# Brew rigs



## Wade E

I know I have seen many beer brewers on here. Lets see some of your set ups. Heres my total DIY set up.


----------



## surlees

Wade,
Nice looking setup. Did you make the cart yourself or buy it? If you bought it, what brand is it?


----------



## Wade E

*ALL DIY*! It used to be a dual sided sliding table saw that we scrapped at work so I snagged it and knew I could use it for something but hadnt imagined this until I saw my first 3 tier brew stand and said yep.


----------



## Wade E

Even those wheels were free, 2 from an ol grill and 2 from my sons old training wheels.


----------



## mxsteve625

I haven't attempted all grain brewing yet but plan to attend some of the local club seminars this spring. Really cn't wait. Looks like a nice set up.


----------



## onebarrel

Here's my larger 3 tier gravity feed system... 40 gal cast out wort (8 x 5 gal kegs)... 30 gal + 2 x 15 gal brew kettles, 40 gal mash tun, 30 gal HLT... I set this up in my garage... I do all my hot liquor up in a 55 gal plastic drum with a heating element overnight then in the morning I transfer by pump to the various tanks... I use a Therminator plate chiller and transfer all the chilled wort to my brew room in the basement.
I fabricated the brew stand and my HLT/MT... the big kettle I bought used for $50


----------



## Wade E

Dang, those are big batches!!! Lets see that kegerator!!!!!!!!!! I onky have 4 on tap, could be 5 but the wife always wants to at least be able to put some milk or something in the middle to have extra in the house.
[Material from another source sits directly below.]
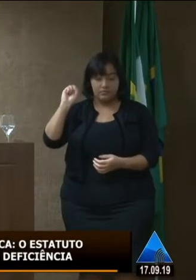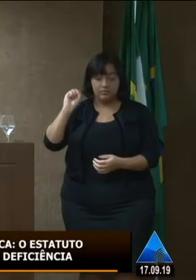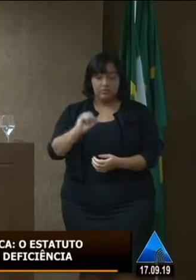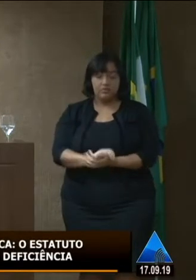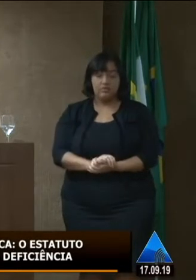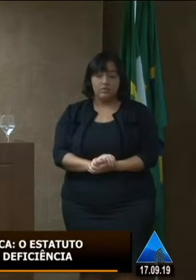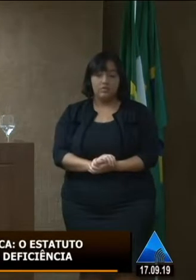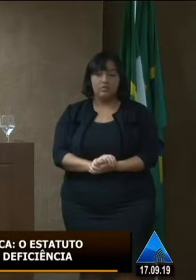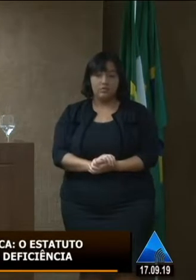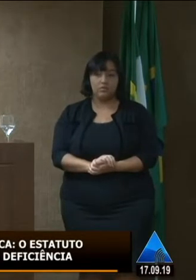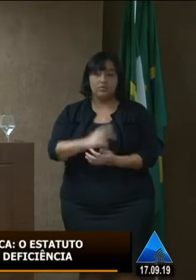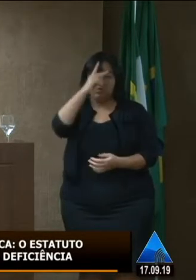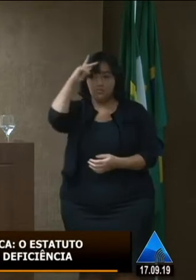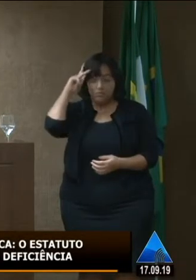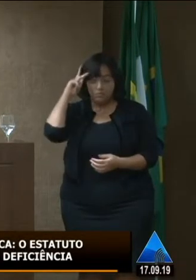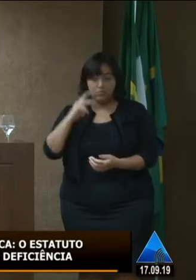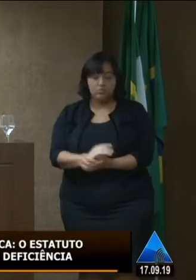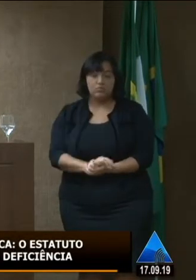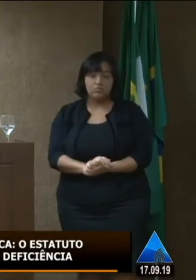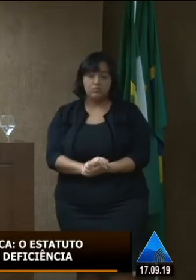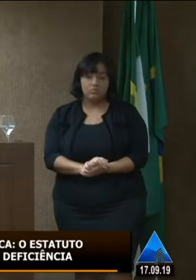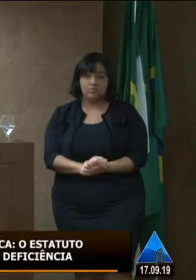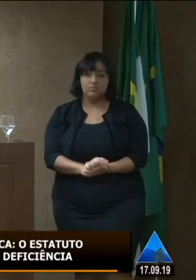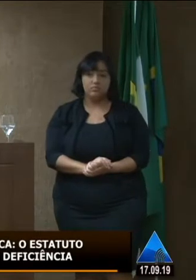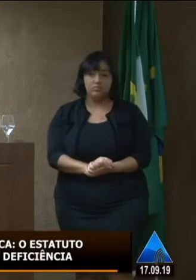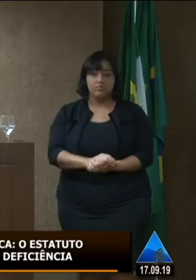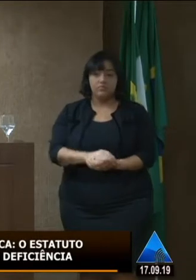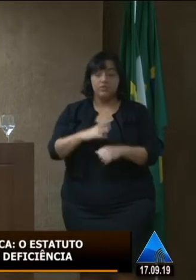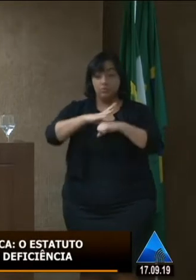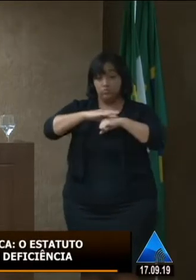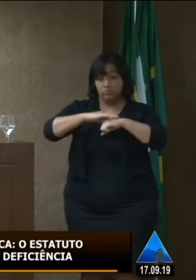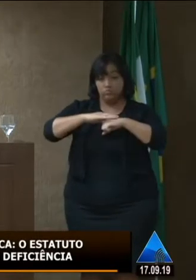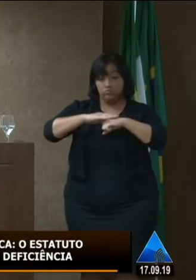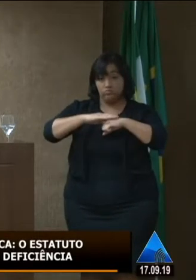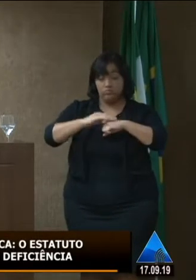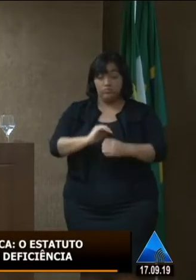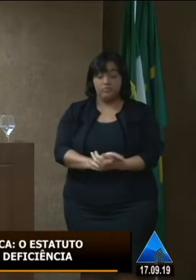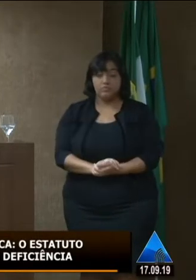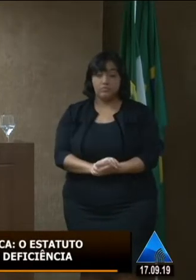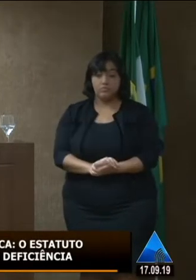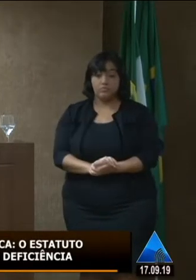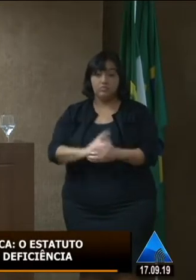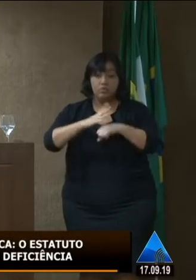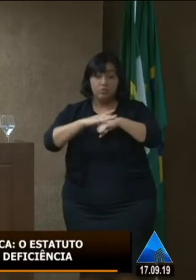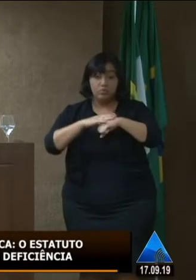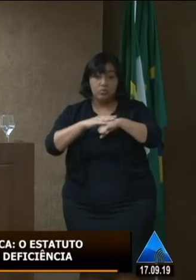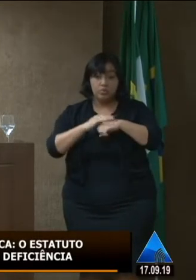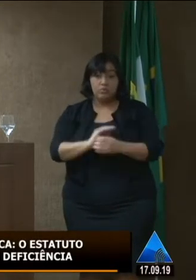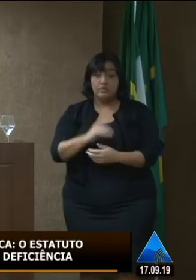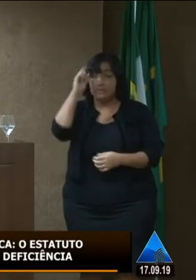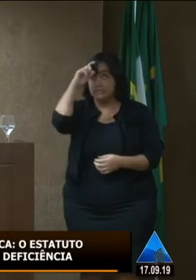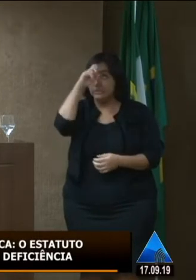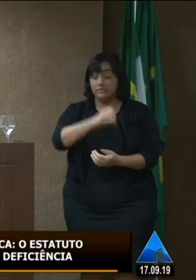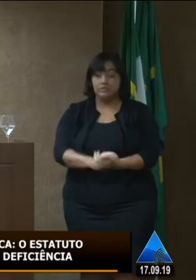depende de mim uma síndrome raríssima onde costumo dizer sempre porque muitos não sabem mas é uma síndrome raríssima desconhecida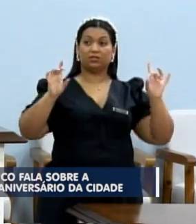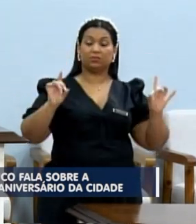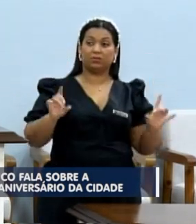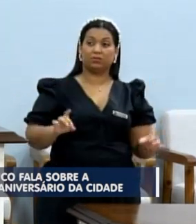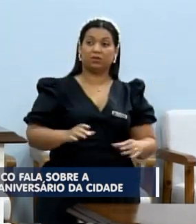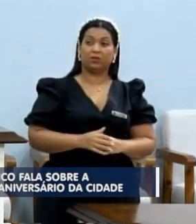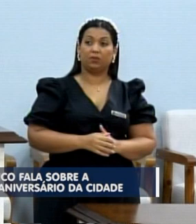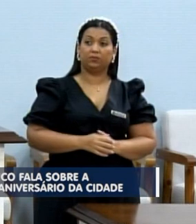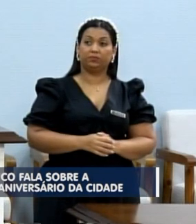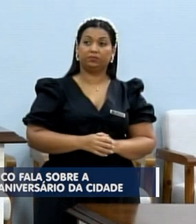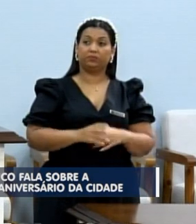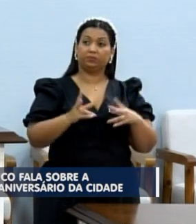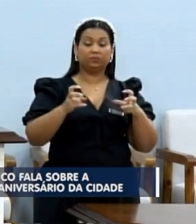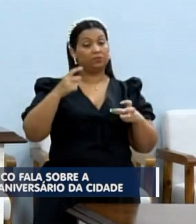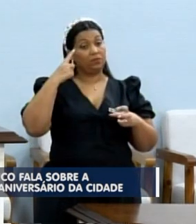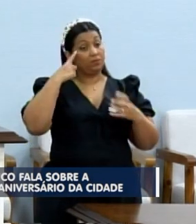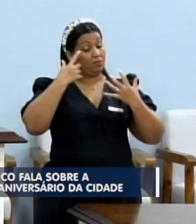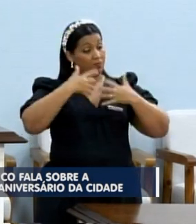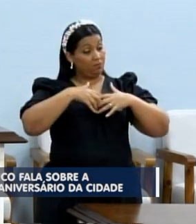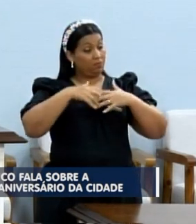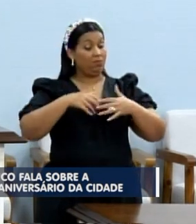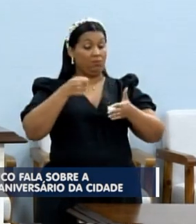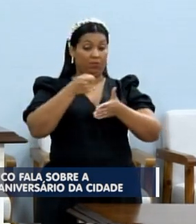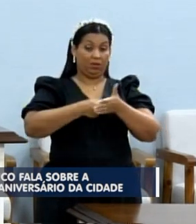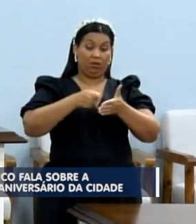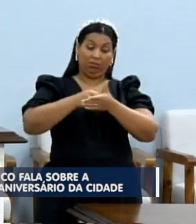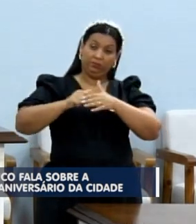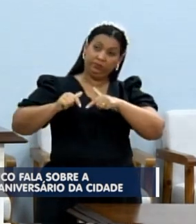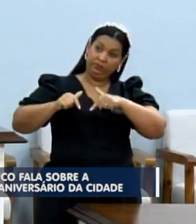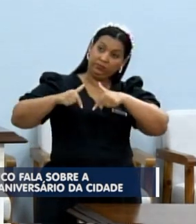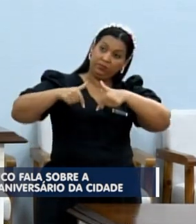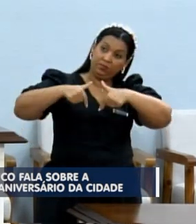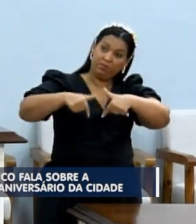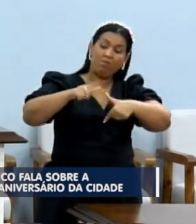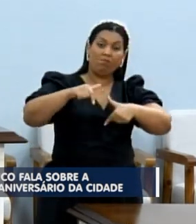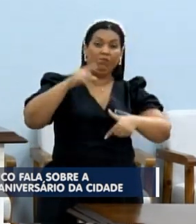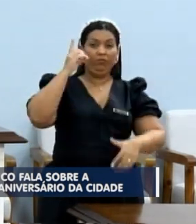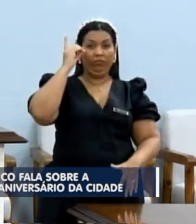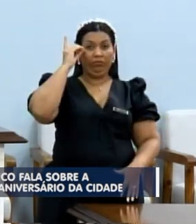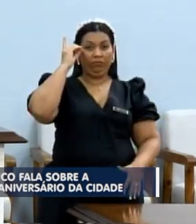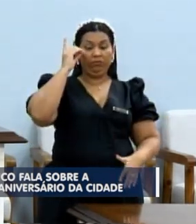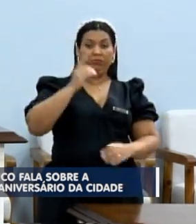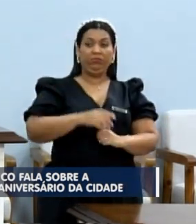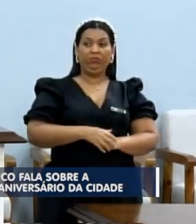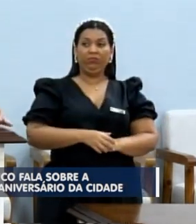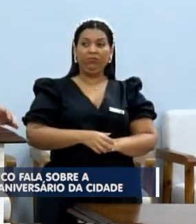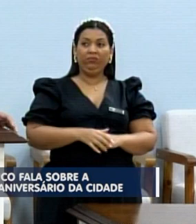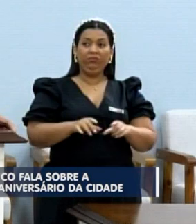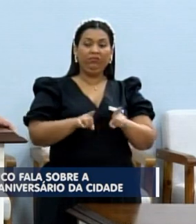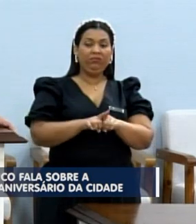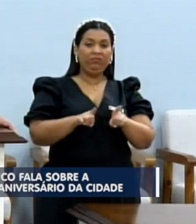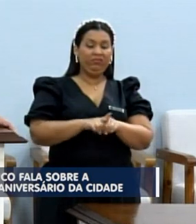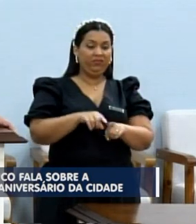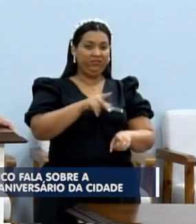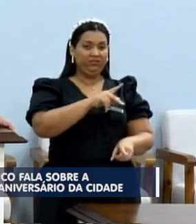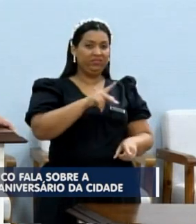e reflexão dessa grande luta que é a síndrome de Dow. E também, presidente,

I have to give somewhere right? hehehehe

Are those Banjo's?


----------



## onebarrel

I don't have a kegerator as such but my bar is built over a small freezer which I built and insulated box around that can hold 2 sanke size kegs or 6 pop kegs... I have 4 perlick taps on bar top.
I also have a small beer dispenser for outdoor parties that has 2 taps on it.
I am pretty much a DIY sort of person...


----------



## Wade E

Thats awesome! I still al only working with picnic taps hanging inside my fridge on the 4 cornies.


----------



## mxsteve625

I finished my two ter system this past weeekend and brewed my first all grain this past Monday. I must say I really enjoyed it. I'll post pics as soon as I can find my camera. "Dang kids"


----------



## Wade E

Cant wait to see kit!


----------



## mxsteve625

We'll here they are. I am not to happy with the craftsmanship but it was thrown together (quickly) with material on hand. It did work well for my first attempt at all grain. The burner which is a high output burner has to be changed from the second teir to the first for the boil which is a very minor inconveinance.


----------



## Runningwolf

Nice set up, Steve. Do you have twins? I see the same bike twice. Sure wish I had a garage set up like that.


----------



## Wade E

Nice unit, Do you have a sparge arm?


----------



## mxsteve625

No sparge arm.

And I have a grand son and a step grandson ..both 4 years old.


----------



## Mark1

Cool setup , I think the cart was buyed , but I can’t see the brand. Anyway, these photos gave me an idea! 3 months ago I’ve started to build something like these but I had no idea. Thanks!


----------



## Wade E

Lets se pics of what you have so far!


----------



## Tom

Here's mine

Left to right 104quart boil pot, 60quart mash tun, Keggel
.
.
.
.


----------



## mxsteve625

That's a Nice rig Tom. Looks very functional


----------



## Tom

Yea I had no choice as I have bad back and rotators. So nice having a 40 plate chiller and pump.
On Homebrew Day I make 1 20 gal and 1 10 gallon batch (30gal total) with this rig.


----------



## PCharles

*Beer Rigs*

I just bought my first beer kit today, a Christmas Beer and Primium Bitter. I visited a National Learn to Brew event this fall and rally got some good exposure. Next summer I hope to start brewing from grain. Here is a photo I took of one of the rigs used at the NLB event.


----------



## Tom

*Here's mine.*


----------



## PCharles

Nice rig Tom,

I've got a good case of brew rig envey. 

Here is another fellows rig that uses old stainless kegs.


----------



## milbrosa

Here's my 10 gallon brewery. Boil kettle on the left is getting wort pumped in from the mash tun in the middle, while the hot liquor tank on the left is pumping sparge water onto the top of the grain bed in the mash tun.


----------



## chrisc

is this where i be a smart *** and take a pic of a pot and a few fermentors lol all i do is kinda extract just get the malts and then do all the boiling like the hop additions comes out good at the moment just bottled 50L of beer today i so hate bottling so looking forward to getting enough cash up for a keg set up


----------



## Rivenin

Here is mine! 

----- my big rig

2 15.5 keggles running off of 2 x 120v 2000w elements.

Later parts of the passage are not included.